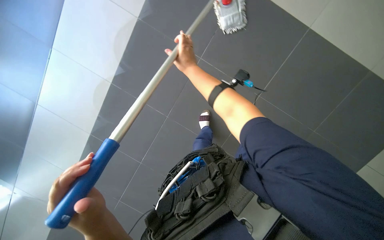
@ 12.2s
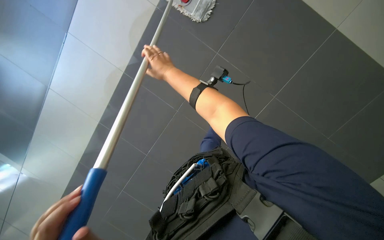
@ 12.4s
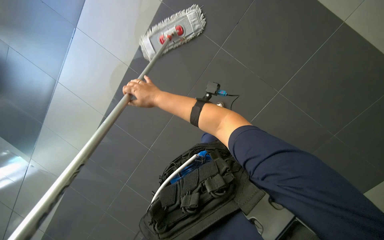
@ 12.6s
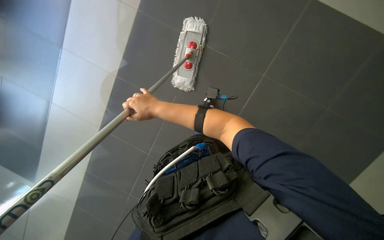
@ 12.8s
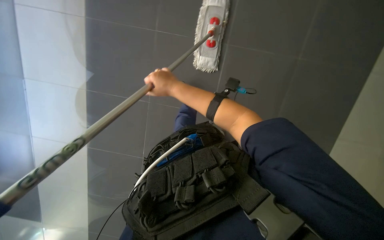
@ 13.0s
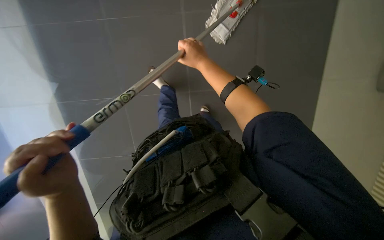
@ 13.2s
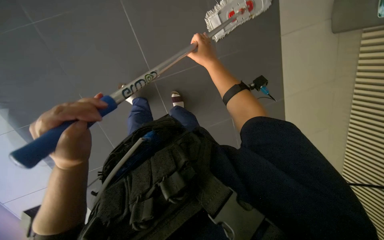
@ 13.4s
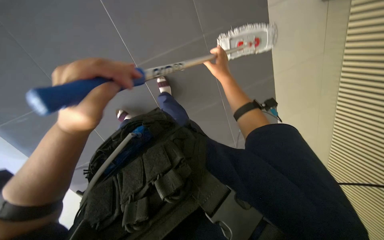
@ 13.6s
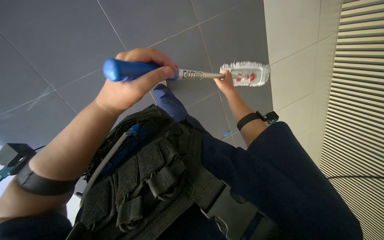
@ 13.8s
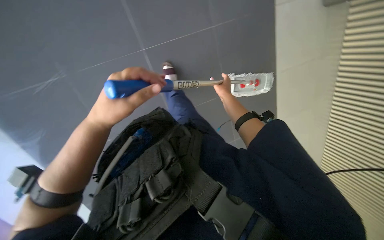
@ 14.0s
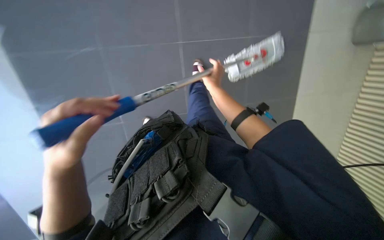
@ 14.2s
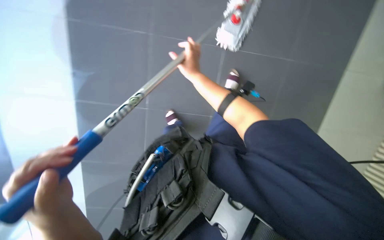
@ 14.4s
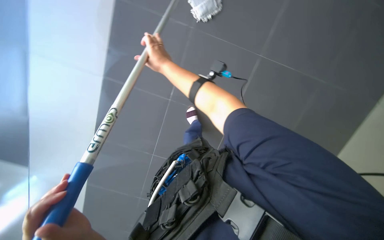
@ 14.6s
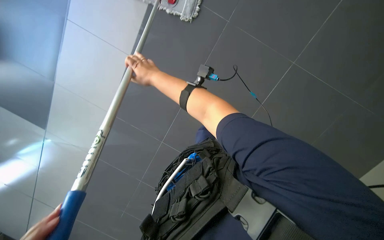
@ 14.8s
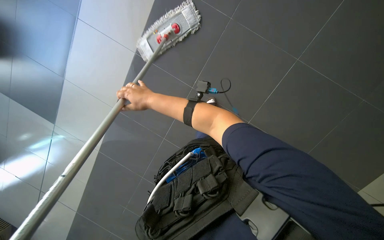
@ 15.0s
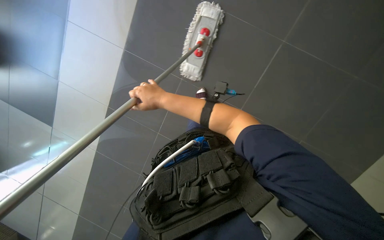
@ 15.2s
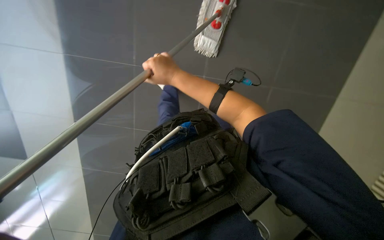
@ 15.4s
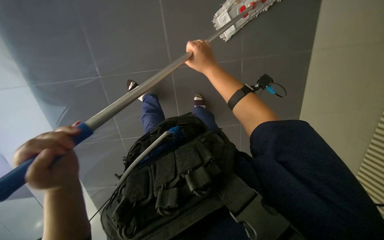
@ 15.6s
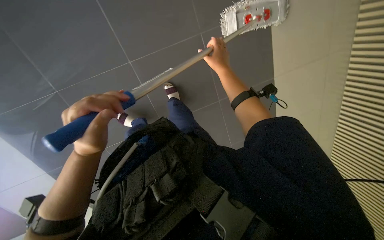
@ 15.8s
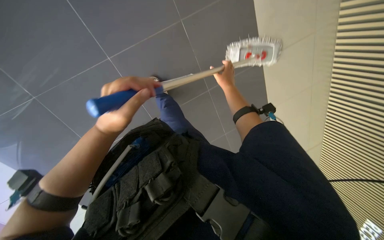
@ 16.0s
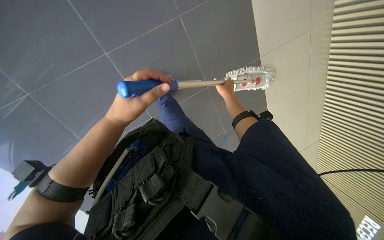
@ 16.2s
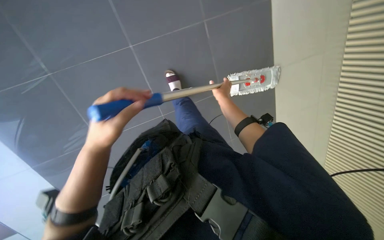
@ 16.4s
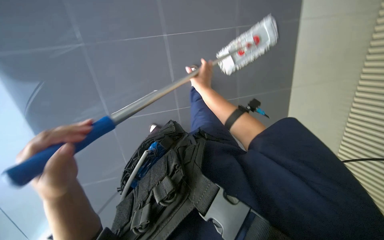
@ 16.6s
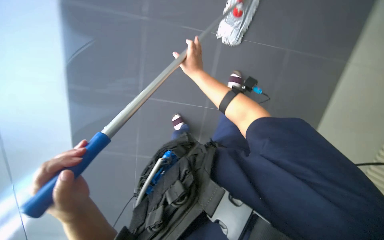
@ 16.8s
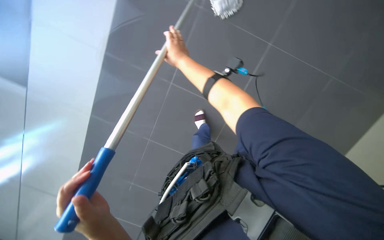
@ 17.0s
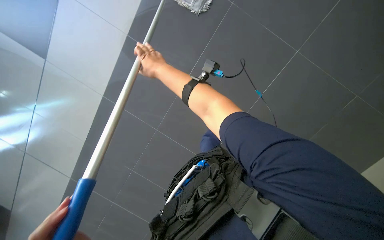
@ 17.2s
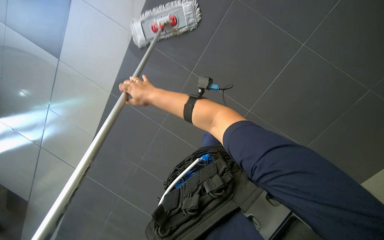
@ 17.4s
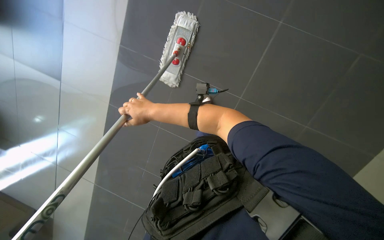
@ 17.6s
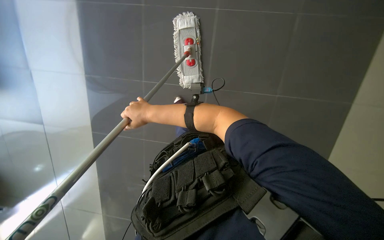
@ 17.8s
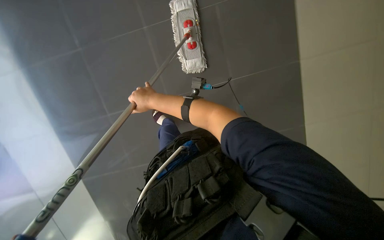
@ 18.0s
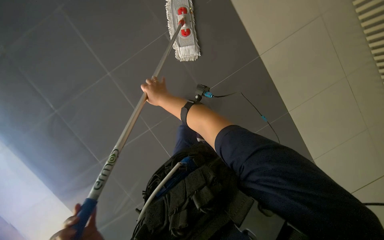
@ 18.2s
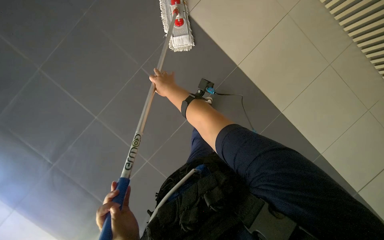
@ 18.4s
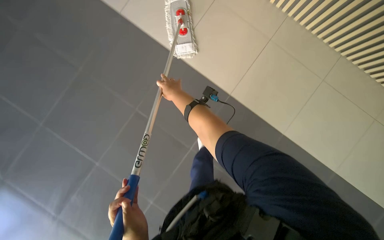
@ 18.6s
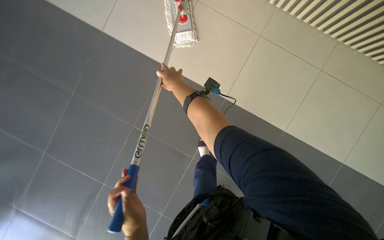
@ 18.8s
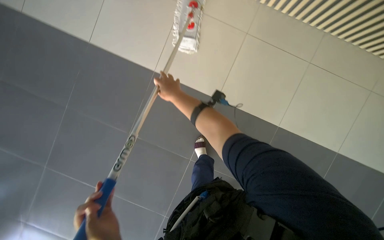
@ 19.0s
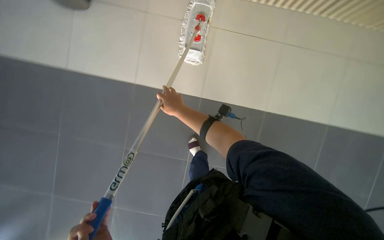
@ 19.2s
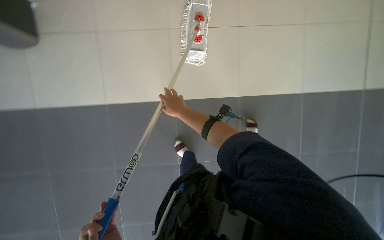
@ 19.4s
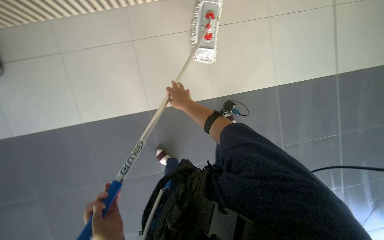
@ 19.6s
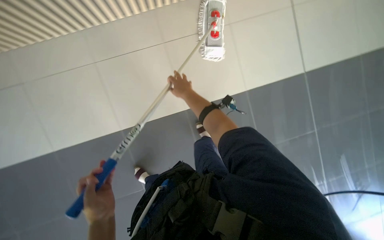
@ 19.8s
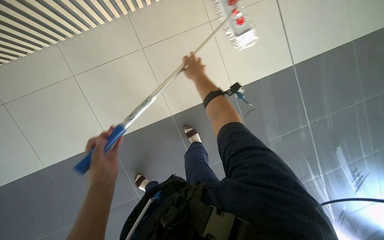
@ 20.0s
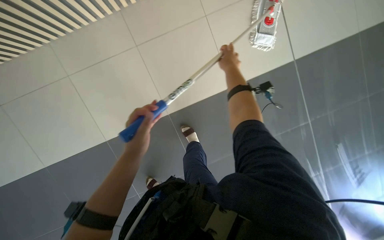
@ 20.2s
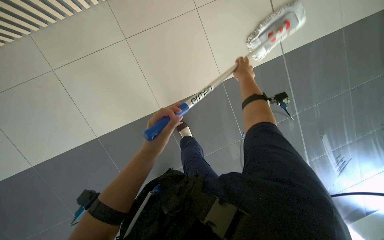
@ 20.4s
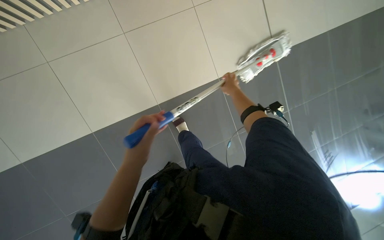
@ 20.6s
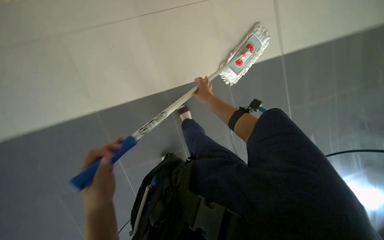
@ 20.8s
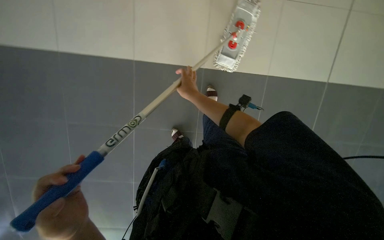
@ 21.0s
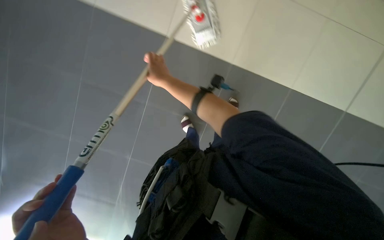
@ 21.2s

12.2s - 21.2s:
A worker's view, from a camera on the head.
Job: mopping floor.
The whole recording: Mopping floor. The worker continues mopping the tiled floor with a white mop head.
12.2s - 13.8s: The head turns to the right by about 25 degrees. The right hand moves to the right, about 40 cm.
13.8s - 15.2s: The view swings about 25 degrees to the left. The view tilts approximately 25 degrees upward. The right hand heads to the left and nearer to the camera, covering some 40 cm.
15.2s - 16.6s: The right hand heads to the right, covering approximately 10 cm.
18.2s - 19.8s: The right hand is displaced farther from the camera by about 10 cm.
19.8s - 21.2s: The right hand travels to the right and back again, roughly 25 cm each way.

→ Your assignment: Please retype the whole listing above word for word and drop the pictures.

→ Result of the exercise:
@ 12.2s
@ 12.4s
@ 12.6s
@ 12.8s
@ 13.0s
@ 13.2s
@ 13.4s
@ 13.6s
@ 13.8s
@ 14.0s
@ 14.2s
@ 14.4s
@ 14.6s
@ 14.8s
@ 15.0s
@ 15.2s
@ 15.4s
@ 15.6s
@ 15.8s
@ 16.0s
@ 16.2s
@ 16.4s
@ 16.6s
@ 16.8s
@ 17.0s
@ 17.2s
@ 17.4s
@ 17.6s
@ 17.8s
@ 18.0s
@ 18.2s
@ 18.4s
@ 18.6s
@ 18.8s
@ 19.0s
@ 19.2s
@ 19.4s
@ 19.6s
@ 19.8s
@ 20.0s
@ 20.2s
@ 20.4s
@ 20.6s
@ 20.8s
@ 21.0s
@ 21.2s

12.2s - 21.2s:
A worker's view, from a camera on the head.
Job: mopping floor.
The whole recording: Mopping floor. The worker continues mopping the tiled floor with a white mop head.
12.2s - 13.8s: The head turns to the right by about 25 degrees. The right hand moves to the right, about 40 cm.
13.8s - 15.2s: The view swings about 25 degrees to the left. The view tilts approximately 25 degrees upward. The right hand heads to the left and nearer to the camera, covering some 40 cm.
15.2s - 16.6s: The right hand heads to the right, covering approximately 10 cm.
18.2s - 19.8s: The right hand is displaced farther from the camera by about 10 cm.
19.8s - 21.2s: The right hand travels to the right and back again, roughly 25 cm each way.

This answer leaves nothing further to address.